TASK :: From the material below, retype exactly the lines that begin at the line with "Q: Is the text italic (slanted)? A: No, it" and end after the line with "The image shows 33"; pictures stay out of the copy.

RECORD EXCERPTS ::
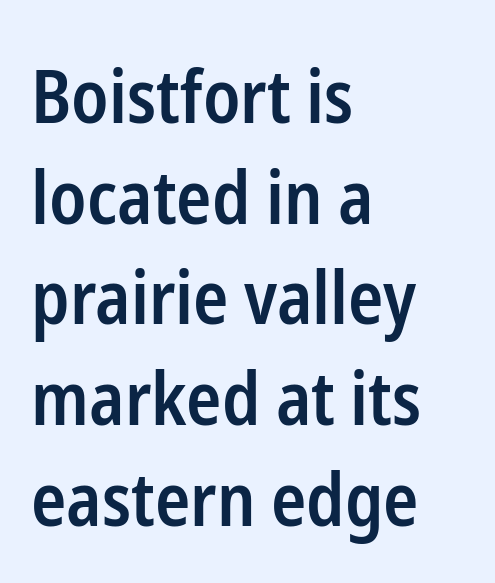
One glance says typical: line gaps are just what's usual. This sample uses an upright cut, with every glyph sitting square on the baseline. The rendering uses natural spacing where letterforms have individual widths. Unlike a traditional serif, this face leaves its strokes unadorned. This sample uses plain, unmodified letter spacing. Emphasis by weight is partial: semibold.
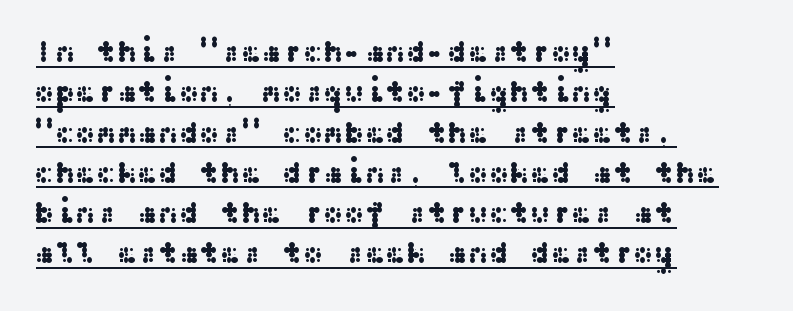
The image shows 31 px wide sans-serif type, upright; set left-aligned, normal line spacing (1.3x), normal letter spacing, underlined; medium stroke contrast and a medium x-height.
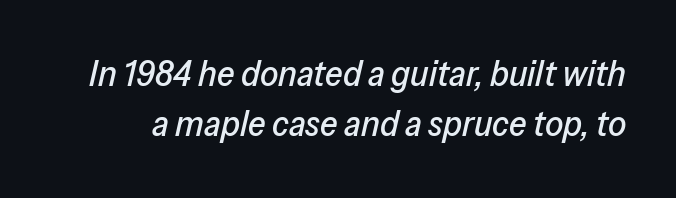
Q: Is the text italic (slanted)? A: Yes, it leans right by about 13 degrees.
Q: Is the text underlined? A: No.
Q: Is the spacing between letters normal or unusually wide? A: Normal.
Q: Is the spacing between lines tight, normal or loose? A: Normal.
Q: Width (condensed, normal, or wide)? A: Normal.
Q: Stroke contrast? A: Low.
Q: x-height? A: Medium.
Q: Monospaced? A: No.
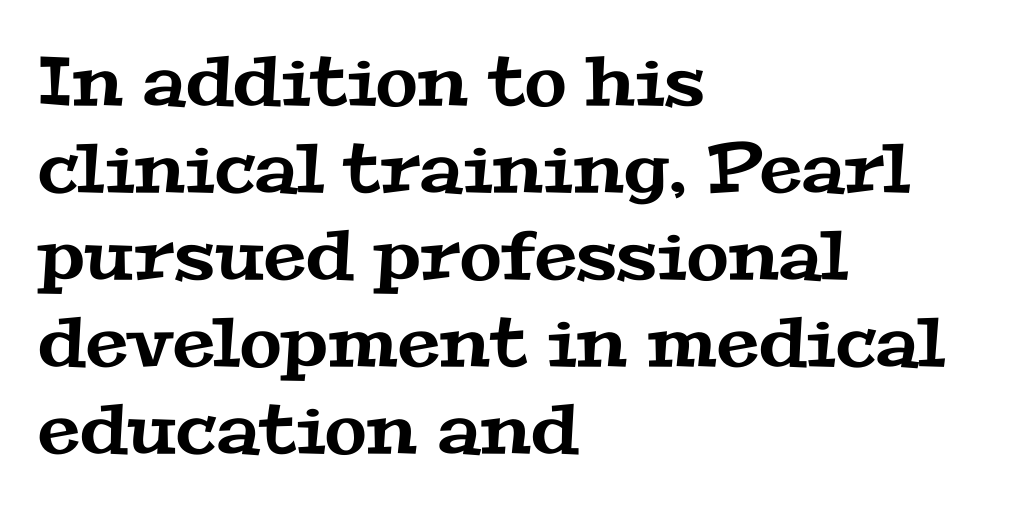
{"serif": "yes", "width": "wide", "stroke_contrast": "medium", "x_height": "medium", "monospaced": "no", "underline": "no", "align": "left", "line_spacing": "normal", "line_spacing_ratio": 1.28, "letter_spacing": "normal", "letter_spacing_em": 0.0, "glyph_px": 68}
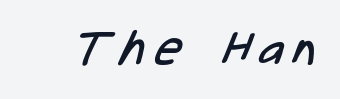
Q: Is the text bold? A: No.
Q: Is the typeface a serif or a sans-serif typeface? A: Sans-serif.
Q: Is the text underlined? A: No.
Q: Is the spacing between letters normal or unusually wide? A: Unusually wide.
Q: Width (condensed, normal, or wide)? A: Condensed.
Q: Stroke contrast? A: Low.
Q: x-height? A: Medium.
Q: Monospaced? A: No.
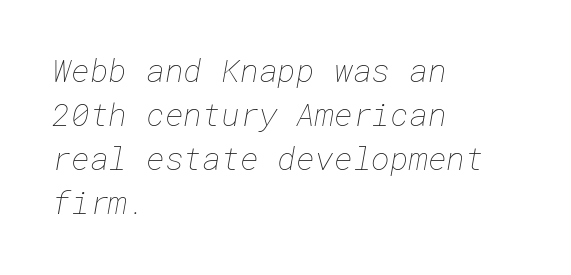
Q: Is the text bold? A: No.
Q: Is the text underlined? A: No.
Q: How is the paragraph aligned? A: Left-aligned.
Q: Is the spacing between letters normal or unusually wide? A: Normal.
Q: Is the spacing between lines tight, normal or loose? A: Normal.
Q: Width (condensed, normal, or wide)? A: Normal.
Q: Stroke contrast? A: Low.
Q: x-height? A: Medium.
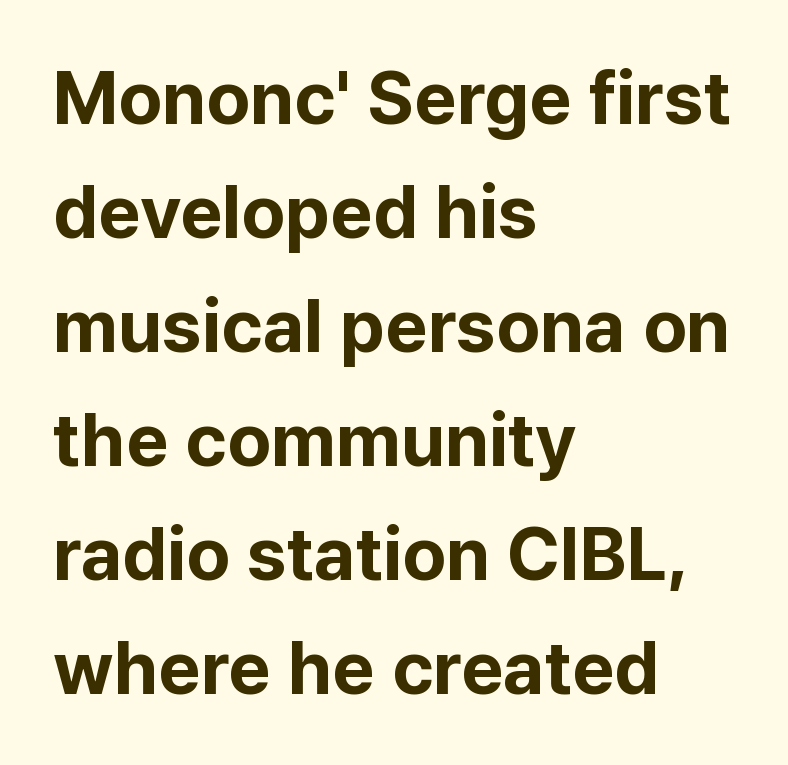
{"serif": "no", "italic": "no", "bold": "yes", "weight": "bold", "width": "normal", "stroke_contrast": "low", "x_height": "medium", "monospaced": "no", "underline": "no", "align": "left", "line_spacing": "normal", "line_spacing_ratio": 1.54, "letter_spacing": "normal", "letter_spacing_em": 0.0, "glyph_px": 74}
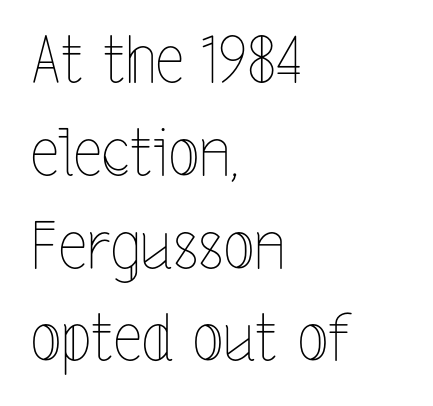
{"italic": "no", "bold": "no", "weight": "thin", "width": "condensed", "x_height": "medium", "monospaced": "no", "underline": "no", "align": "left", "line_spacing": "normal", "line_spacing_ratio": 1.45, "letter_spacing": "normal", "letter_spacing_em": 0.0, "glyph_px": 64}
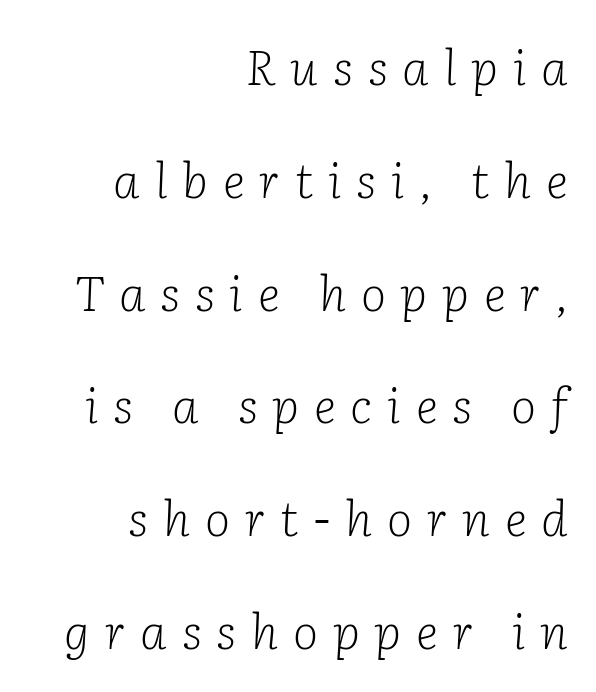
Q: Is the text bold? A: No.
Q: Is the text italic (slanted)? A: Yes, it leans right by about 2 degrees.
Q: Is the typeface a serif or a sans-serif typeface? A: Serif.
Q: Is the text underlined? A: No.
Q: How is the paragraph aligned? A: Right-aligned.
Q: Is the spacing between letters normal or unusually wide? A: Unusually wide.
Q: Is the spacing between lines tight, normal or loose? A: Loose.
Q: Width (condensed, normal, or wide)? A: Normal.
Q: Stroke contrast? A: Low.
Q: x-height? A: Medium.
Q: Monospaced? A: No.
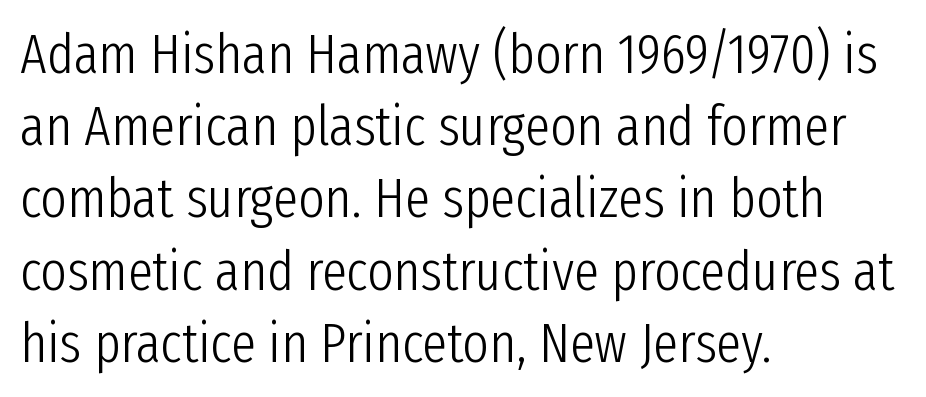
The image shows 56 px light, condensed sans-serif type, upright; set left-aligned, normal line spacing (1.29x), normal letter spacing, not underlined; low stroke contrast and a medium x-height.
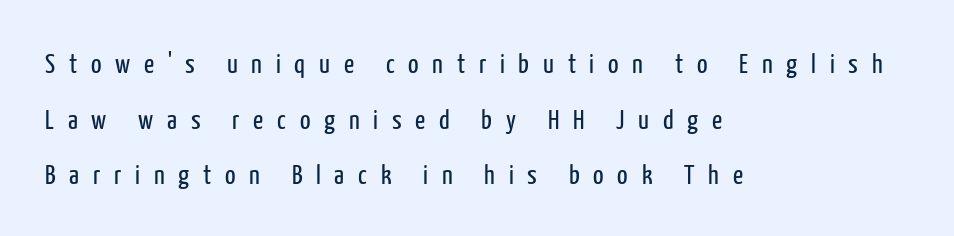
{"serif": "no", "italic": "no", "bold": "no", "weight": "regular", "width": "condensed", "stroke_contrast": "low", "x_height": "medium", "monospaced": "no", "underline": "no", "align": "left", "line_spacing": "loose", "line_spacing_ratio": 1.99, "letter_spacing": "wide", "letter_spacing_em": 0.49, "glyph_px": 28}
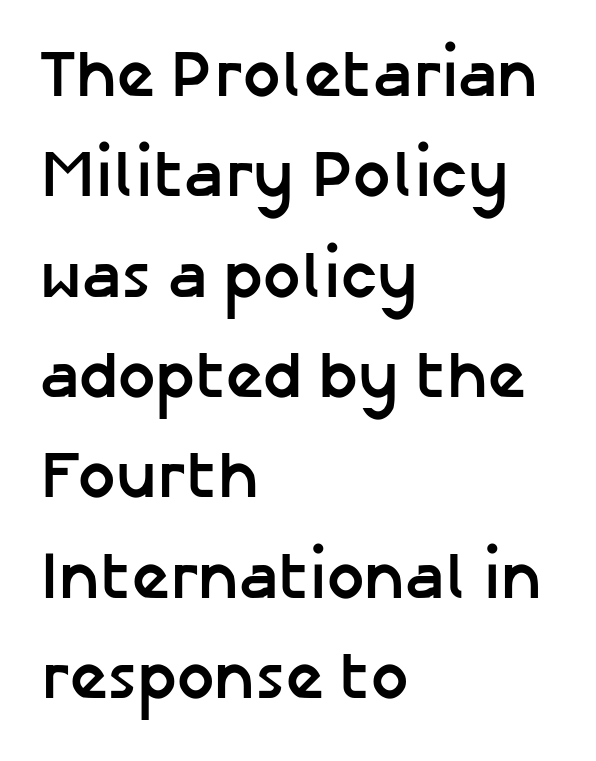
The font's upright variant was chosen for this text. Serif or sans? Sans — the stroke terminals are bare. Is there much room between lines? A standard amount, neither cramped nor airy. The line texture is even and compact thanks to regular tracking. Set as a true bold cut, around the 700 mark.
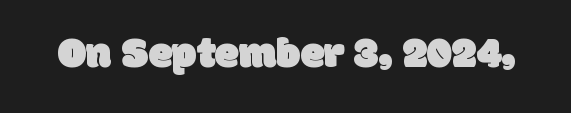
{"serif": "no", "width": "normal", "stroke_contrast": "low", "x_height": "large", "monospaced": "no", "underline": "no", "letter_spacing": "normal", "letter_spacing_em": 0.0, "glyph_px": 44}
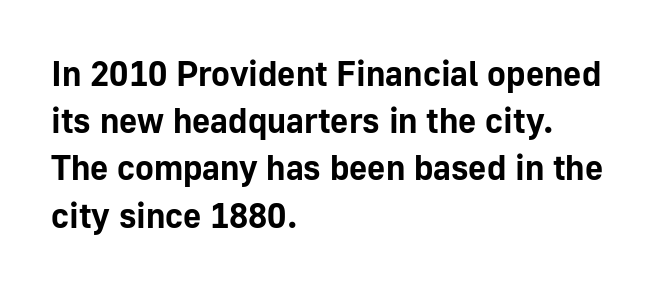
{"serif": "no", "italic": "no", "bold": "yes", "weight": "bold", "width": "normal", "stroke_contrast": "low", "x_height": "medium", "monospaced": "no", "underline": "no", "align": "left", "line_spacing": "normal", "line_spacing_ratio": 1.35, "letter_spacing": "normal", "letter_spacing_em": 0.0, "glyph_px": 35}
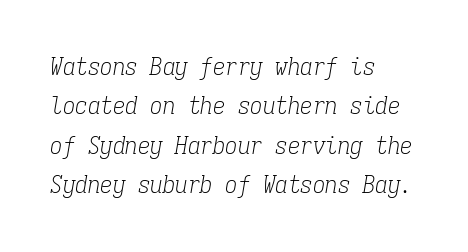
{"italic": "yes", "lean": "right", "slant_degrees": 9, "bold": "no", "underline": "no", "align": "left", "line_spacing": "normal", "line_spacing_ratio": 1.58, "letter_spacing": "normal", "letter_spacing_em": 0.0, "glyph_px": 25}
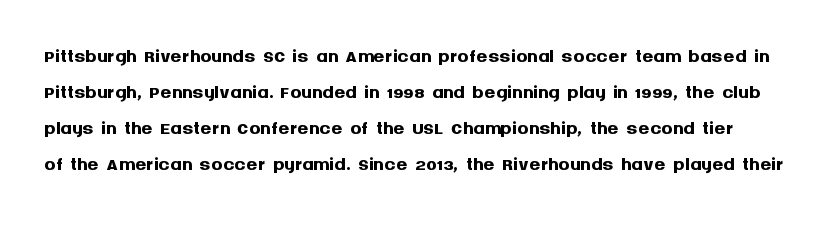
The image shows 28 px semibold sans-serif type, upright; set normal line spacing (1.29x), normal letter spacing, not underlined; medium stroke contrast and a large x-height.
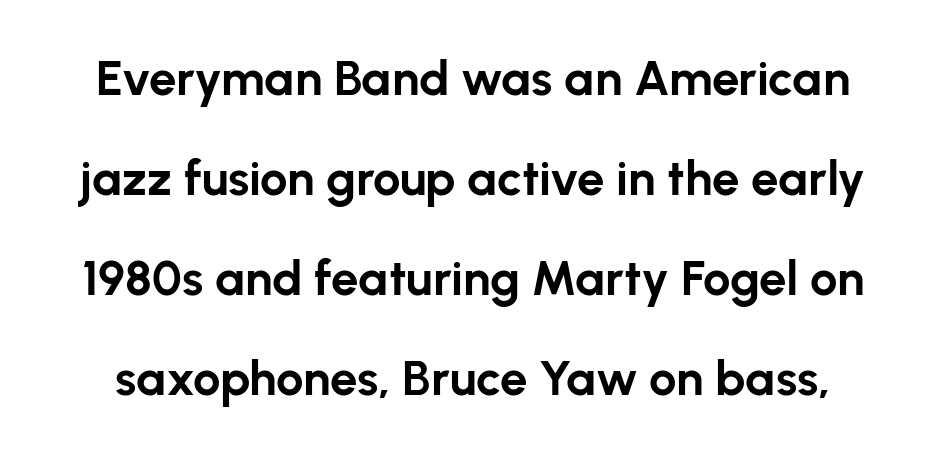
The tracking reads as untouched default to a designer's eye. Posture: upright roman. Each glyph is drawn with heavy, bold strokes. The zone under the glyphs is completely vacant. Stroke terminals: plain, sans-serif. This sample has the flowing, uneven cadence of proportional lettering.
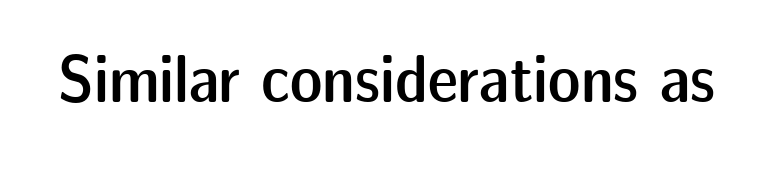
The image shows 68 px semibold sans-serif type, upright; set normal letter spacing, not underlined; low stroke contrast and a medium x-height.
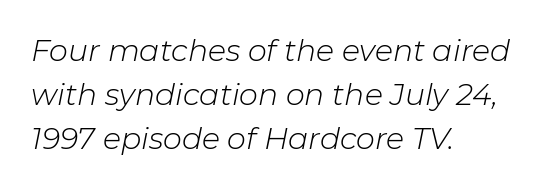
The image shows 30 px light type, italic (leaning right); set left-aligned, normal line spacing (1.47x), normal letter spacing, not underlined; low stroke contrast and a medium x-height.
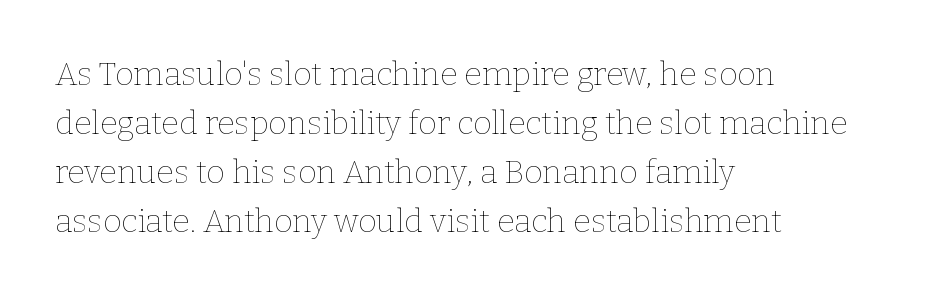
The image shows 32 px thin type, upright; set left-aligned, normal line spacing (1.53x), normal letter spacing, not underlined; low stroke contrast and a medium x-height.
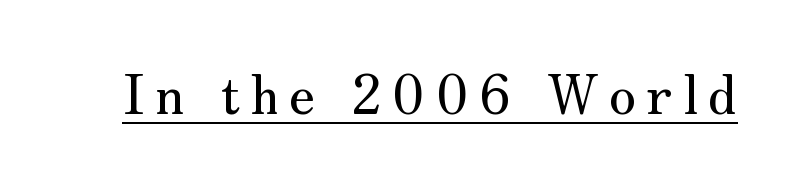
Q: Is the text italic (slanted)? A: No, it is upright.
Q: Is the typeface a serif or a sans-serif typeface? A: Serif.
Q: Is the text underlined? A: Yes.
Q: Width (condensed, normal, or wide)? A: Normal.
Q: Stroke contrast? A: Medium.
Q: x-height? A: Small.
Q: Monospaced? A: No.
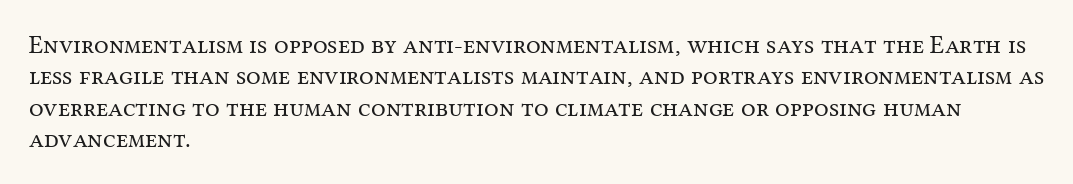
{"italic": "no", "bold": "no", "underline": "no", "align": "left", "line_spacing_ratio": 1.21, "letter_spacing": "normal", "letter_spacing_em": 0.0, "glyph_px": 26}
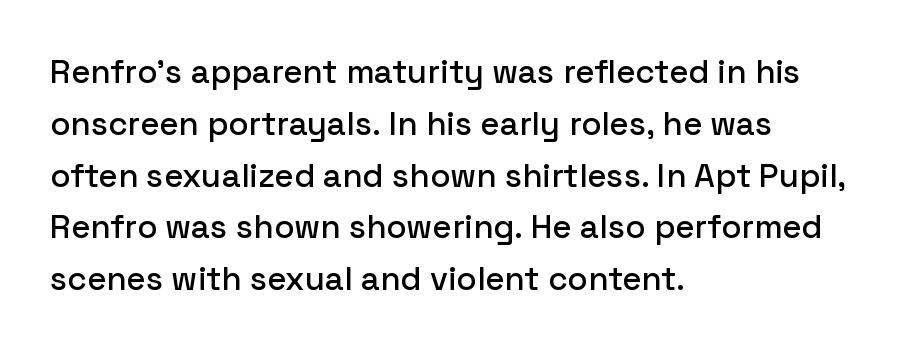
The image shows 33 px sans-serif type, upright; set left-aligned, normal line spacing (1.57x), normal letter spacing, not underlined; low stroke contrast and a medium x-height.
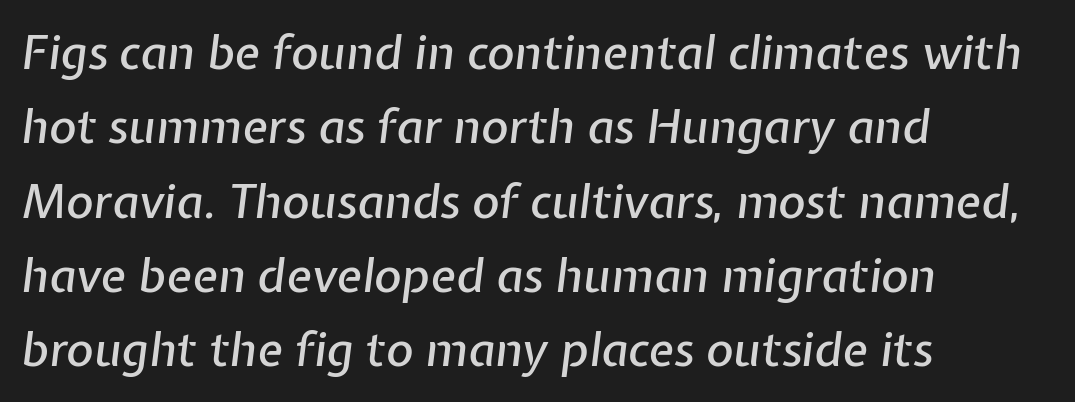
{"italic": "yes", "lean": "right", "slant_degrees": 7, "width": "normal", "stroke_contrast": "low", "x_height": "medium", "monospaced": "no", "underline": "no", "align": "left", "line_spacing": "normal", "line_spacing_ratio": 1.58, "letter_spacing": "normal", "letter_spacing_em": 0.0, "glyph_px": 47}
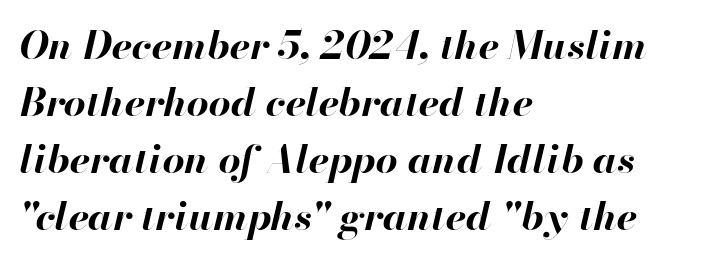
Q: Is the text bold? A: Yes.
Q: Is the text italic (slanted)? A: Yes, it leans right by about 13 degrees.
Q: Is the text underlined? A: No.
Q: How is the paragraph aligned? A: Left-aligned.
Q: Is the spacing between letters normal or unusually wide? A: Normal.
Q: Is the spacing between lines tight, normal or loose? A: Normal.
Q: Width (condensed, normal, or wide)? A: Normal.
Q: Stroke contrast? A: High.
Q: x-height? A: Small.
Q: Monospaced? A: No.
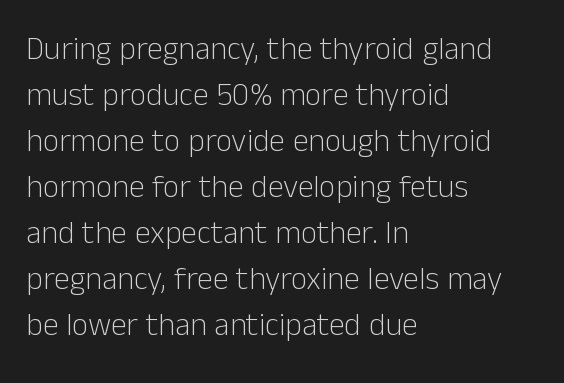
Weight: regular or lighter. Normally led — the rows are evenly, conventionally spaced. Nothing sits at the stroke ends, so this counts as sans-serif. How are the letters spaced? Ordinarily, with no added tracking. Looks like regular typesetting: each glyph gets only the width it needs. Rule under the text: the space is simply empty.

EXERCISE RESPONSE ::
Q: Is the text italic (slanted)? A: No, it is upright.
Q: Is the typeface a serif or a sans-serif typeface? A: Serif.
Q: Is the text underlined? A: Yes.
Q: Width (condensed, normal, or wide)? A: Normal.
Q: Stroke contrast? A: Medium.
Q: x-height? A: Small.
Q: Monospaced? A: No.
{"italic": "no", "bold": "no", "underline": "no", "align": "left", "line_spacing_ratio": 1.21, "letter_spacing": "normal", "letter_spacing_em": 0.0, "glyph_px": 26}
The image shows 33 px sans-serif type, upright; set left-aligned, normal line spacing (1.57x), normal letter spacing, not underlined; low stroke contrast and a medium x-height.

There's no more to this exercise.